TO DO:
Extract, word for word, each line from the line holding "8.4 s after image 1." through the end of the records. Omit every picture.

=== SUPPLIED DATA ===

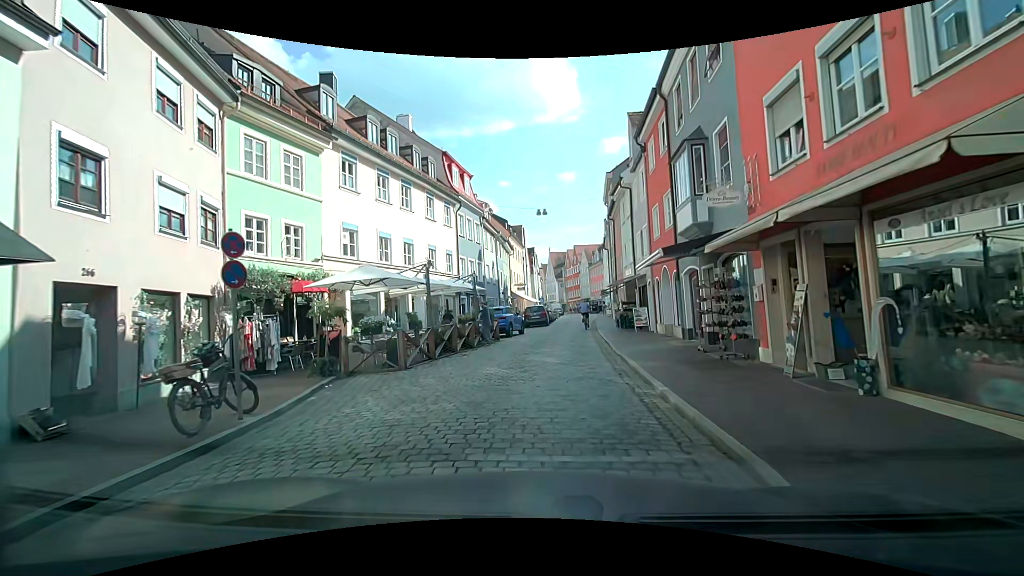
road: residential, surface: sett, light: Day
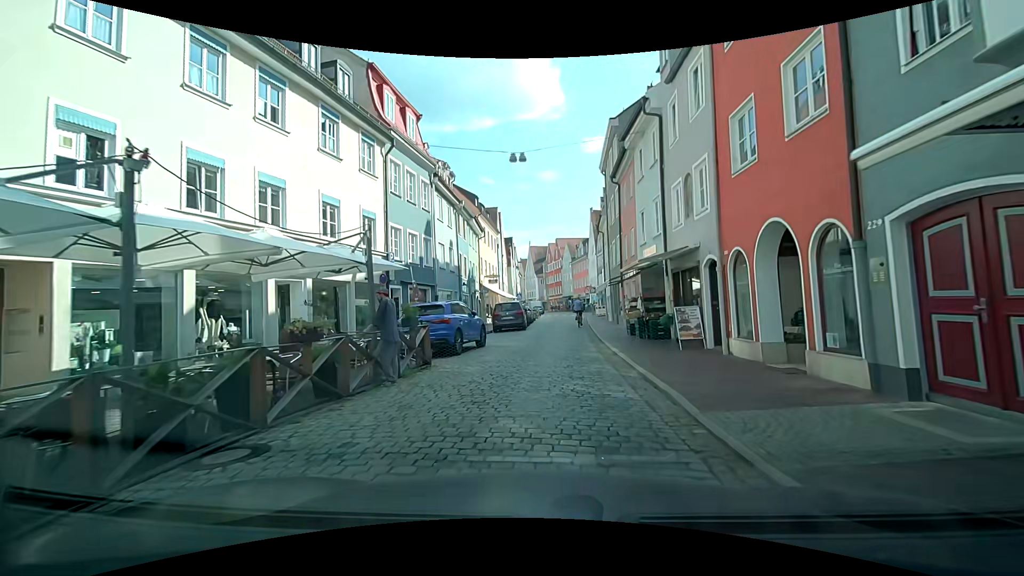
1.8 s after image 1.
(+0.2, +10.6) m; +3°
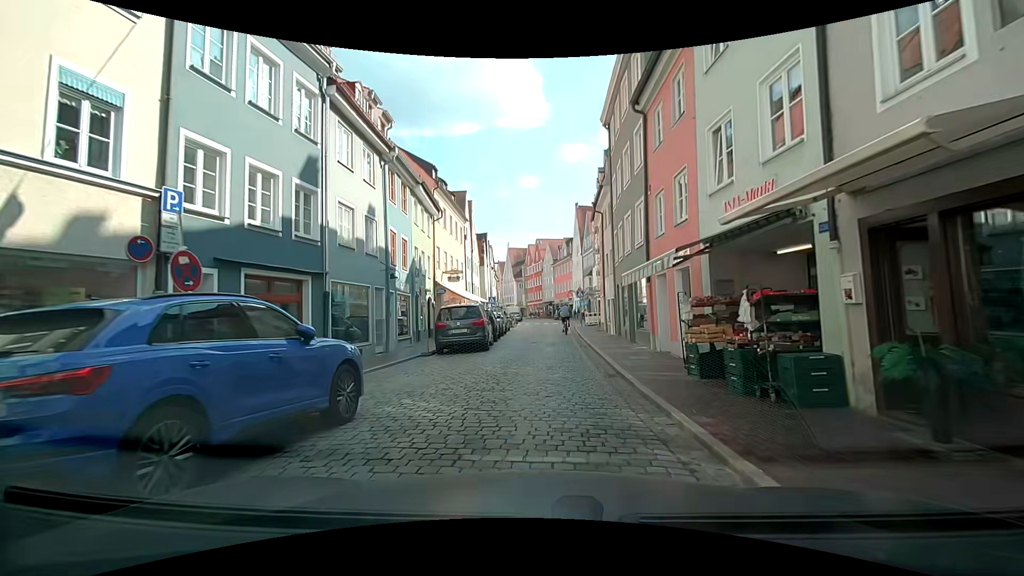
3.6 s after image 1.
(+0.2, +10.6) m; +3°
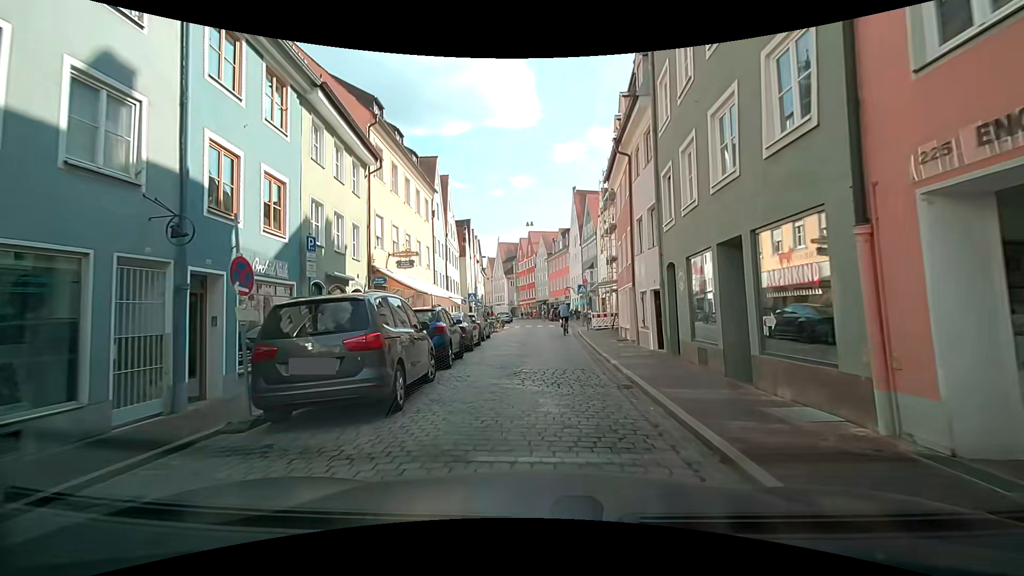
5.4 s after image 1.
(-0.1, +10.6) m; -1°
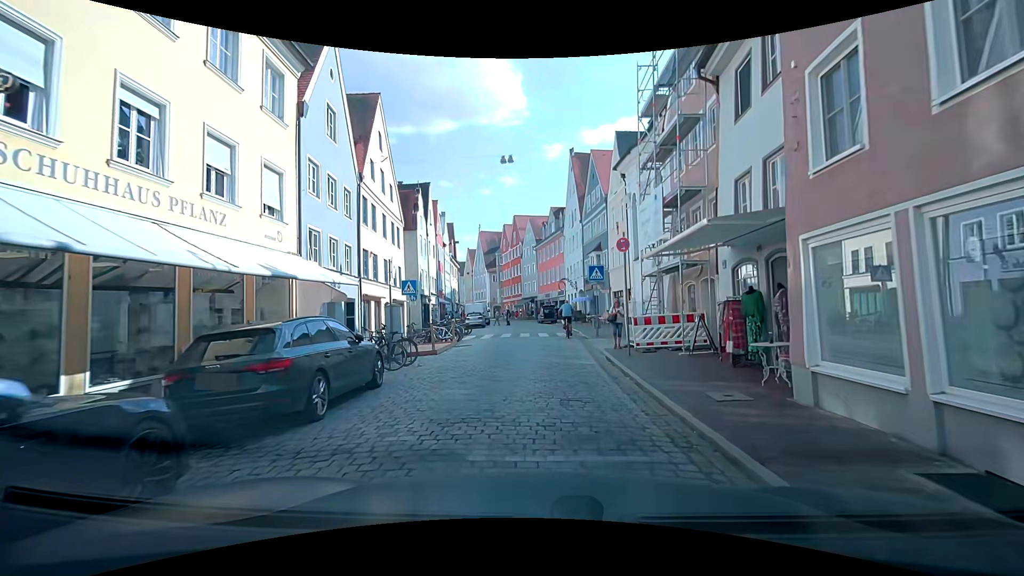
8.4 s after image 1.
(+0.5, +17.2) m; +3°
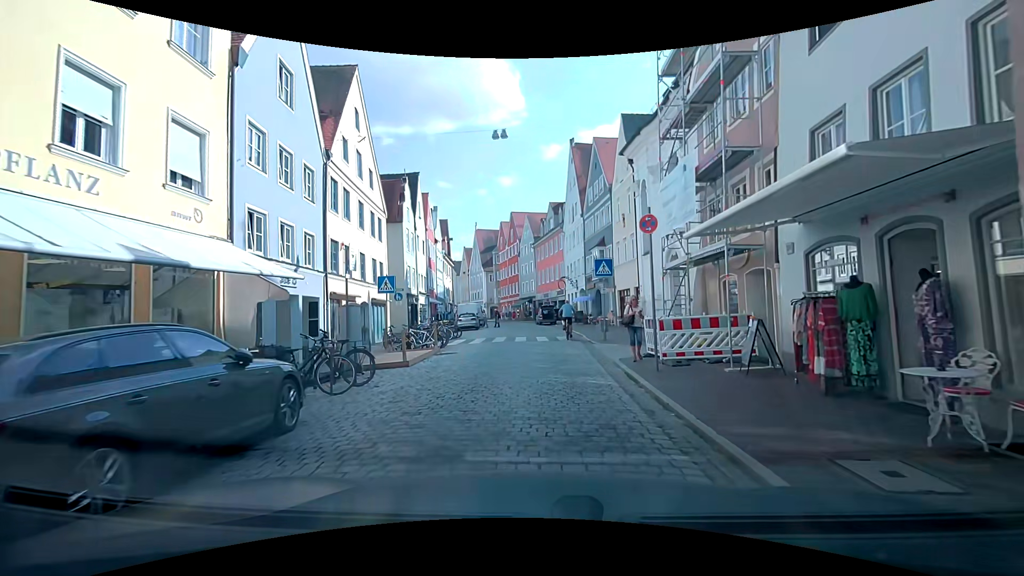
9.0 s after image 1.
(0.0, +3.4) m; 0°
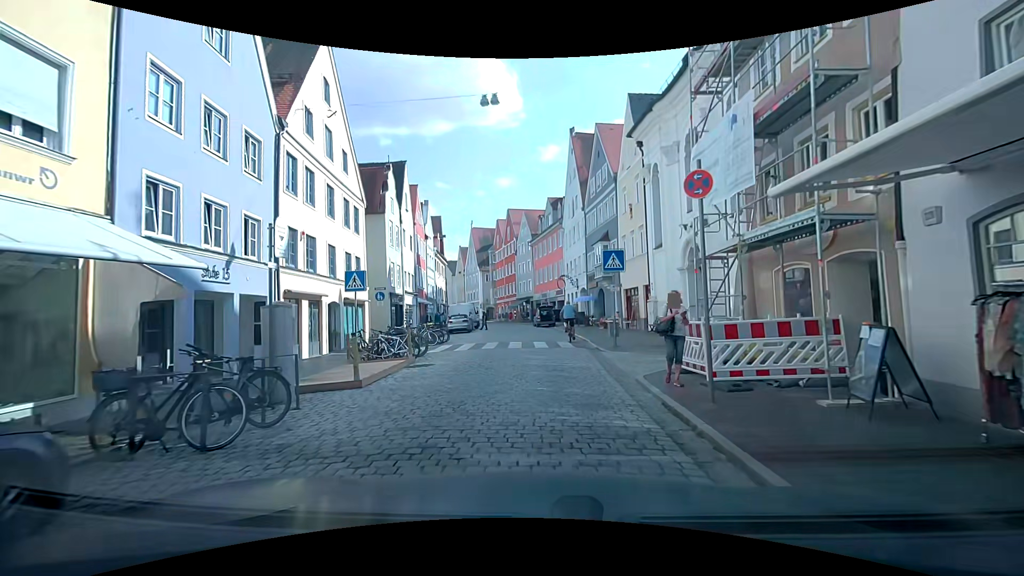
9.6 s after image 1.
(0.0, +3.4) m; 0°
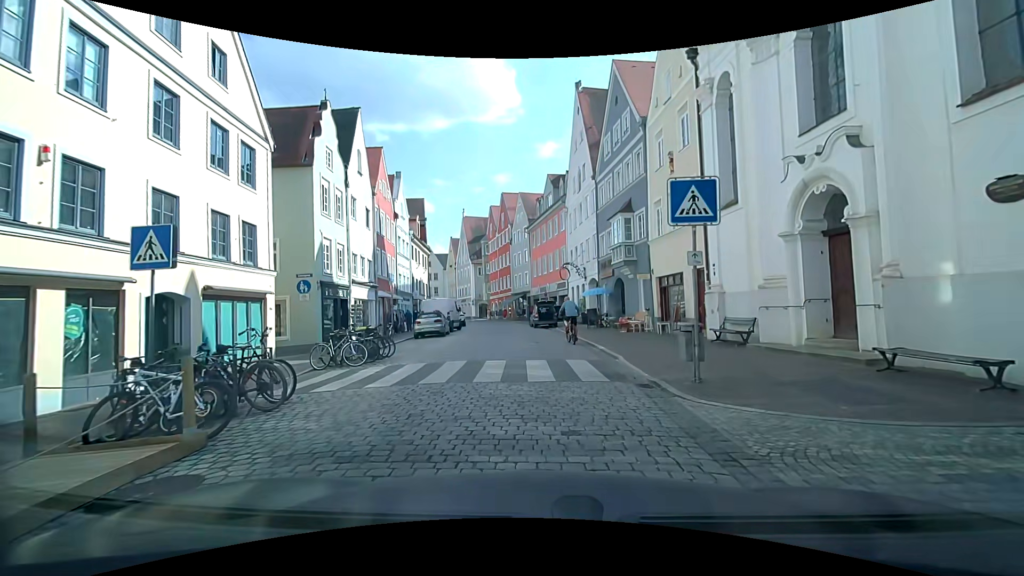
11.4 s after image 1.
(0.0, +9.2) m; 0°

===

ANSWER:
8.4 s after image 1.
(+0.5, +17.2) m; +3°
9.0 s after image 1.
(0.0, +3.4) m; 0°
9.6 s after image 1.
(0.0, +3.4) m; 0°
11.4 s after image 1.
(0.0, +9.2) m; 0°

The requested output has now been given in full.